Task goal — Copy out every entry, keeping each character the same.
··· Record extracts ···
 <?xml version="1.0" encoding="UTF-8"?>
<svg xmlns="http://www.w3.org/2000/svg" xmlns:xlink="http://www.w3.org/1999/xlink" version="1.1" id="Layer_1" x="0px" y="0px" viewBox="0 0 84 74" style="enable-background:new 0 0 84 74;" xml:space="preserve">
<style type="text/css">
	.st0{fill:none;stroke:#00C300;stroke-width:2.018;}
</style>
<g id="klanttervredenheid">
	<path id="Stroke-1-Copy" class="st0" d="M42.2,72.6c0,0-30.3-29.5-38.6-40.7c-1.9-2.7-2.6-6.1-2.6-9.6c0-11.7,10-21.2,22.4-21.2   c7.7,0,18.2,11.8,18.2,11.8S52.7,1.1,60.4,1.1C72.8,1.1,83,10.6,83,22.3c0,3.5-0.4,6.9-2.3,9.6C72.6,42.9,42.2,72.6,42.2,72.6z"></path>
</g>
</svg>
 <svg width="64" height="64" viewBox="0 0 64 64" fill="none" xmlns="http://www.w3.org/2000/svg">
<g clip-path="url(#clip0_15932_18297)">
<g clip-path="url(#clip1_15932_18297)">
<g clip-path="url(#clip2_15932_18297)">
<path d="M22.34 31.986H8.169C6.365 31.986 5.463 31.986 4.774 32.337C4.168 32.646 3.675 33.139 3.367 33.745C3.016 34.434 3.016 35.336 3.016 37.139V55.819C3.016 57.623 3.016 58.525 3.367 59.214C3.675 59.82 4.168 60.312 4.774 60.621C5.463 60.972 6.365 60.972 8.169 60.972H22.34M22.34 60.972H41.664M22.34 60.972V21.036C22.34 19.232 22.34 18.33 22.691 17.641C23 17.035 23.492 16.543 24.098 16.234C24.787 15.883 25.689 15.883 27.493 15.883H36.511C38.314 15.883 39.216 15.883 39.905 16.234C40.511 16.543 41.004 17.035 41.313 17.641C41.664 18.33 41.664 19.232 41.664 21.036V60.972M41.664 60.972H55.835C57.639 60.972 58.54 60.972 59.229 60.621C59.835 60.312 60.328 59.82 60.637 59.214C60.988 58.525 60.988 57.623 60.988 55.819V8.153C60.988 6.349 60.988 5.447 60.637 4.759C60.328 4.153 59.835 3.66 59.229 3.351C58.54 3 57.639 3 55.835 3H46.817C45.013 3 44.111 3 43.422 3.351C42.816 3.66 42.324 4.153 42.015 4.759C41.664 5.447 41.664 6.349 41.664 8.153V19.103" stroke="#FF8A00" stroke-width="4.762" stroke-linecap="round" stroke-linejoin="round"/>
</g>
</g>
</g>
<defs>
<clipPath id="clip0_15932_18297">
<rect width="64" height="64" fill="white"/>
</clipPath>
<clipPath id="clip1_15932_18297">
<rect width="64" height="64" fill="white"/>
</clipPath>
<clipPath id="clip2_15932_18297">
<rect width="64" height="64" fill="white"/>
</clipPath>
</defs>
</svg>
···
Exercise output —
 <?xml version="1.0" encoding="UTF-8"?>
<svg xmlns="http://www.w3.org/2000/svg" xmlns:xlink="http://www.w3.org/1999/xlink" version="1.1" id="Layer_1" x="0px" y="0px" viewBox="0 0 84 74" style="enable-background:new 0 0 84 74;" xml:space="preserve">
<style type="text/css">
	.st0{fill:none;stroke:#00C300;stroke-width:2.018;}
</style>
<g id="klanttervredenheid">
	<path id="Stroke-1-Copy" class="st0" d="M42.2,72.6c0,0-30.3-29.5-38.6-40.7c-1.9-2.7-2.6-6.1-2.6-9.6c0-11.7,10-21.2,22.4-21.2   c7.7,0,18.2,11.8,18.2,11.8S52.7,1.1,60.4,1.1C72.8,1.1,83,10.6,83,22.3c0,3.5-0.4,6.9-2.3,9.6C72.6,42.9,42.2,72.6,42.2,72.6z"></path>
</g>
</svg>
 <svg width="64" height="64" viewBox="0 0 64 64" fill="none" xmlns="http://www.w3.org/2000/svg">
<g clip-path="url(#clip0_15932_18297)">
<g clip-path="url(#clip1_15932_18297)">
<g clip-path="url(#clip2_15932_18297)">
<path d="M22.34 31.986H8.169C6.365 31.986 5.463 31.986 4.774 32.337C4.168 32.646 3.675 33.139 3.367 33.745C3.016 34.434 3.016 35.336 3.016 37.139V55.819C3.016 57.623 3.016 58.525 3.367 59.214C3.675 59.82 4.168 60.312 4.774 60.621C5.463 60.972 6.365 60.972 8.169 60.972H22.34M22.34 60.972H41.664M22.34 60.972V21.036C22.34 19.232 22.34 18.33 22.691 17.641C23 17.035 23.492 16.543 24.098 16.234C24.787 15.883 25.689 15.883 27.493 15.883H36.511C38.314 15.883 39.216 15.883 39.905 16.234C40.511 16.543 41.004 17.035 41.313 17.641C41.664 18.33 41.664 19.232 41.664 21.036V60.972M41.664 60.972H55.835C57.639 60.972 58.54 60.972 59.229 60.621C59.835 60.312 60.328 59.82 60.637 59.214C60.988 58.525 60.988 57.623 60.988 55.819V8.153C60.988 6.349 60.988 5.447 60.637 4.759C60.328 4.153 59.835 3.66 59.229 3.351C58.54 3 57.639 3 55.835 3H46.817C45.013 3 44.111 3 43.422 3.351C42.816 3.66 42.324 4.153 42.015 4.759C41.664 5.447 41.664 6.349 41.664 8.153V19.103" stroke="#FF8A00" stroke-width="4.762" stroke-linecap="round" stroke-linejoin="round"/>
</g>
</g>
</g>
<defs>
<clipPath id="clip0_15932_18297">
<rect width="64" height="64" fill="white"/>
</clipPath>
<clipPath id="clip1_15932_18297">
<rect width="64" height="64" fill="white"/>
</clipPath>
<clipPath id="clip2_15932_18297">
<rect width="64" height="64" fill="white"/>
</clipPath>
</defs>
</svg>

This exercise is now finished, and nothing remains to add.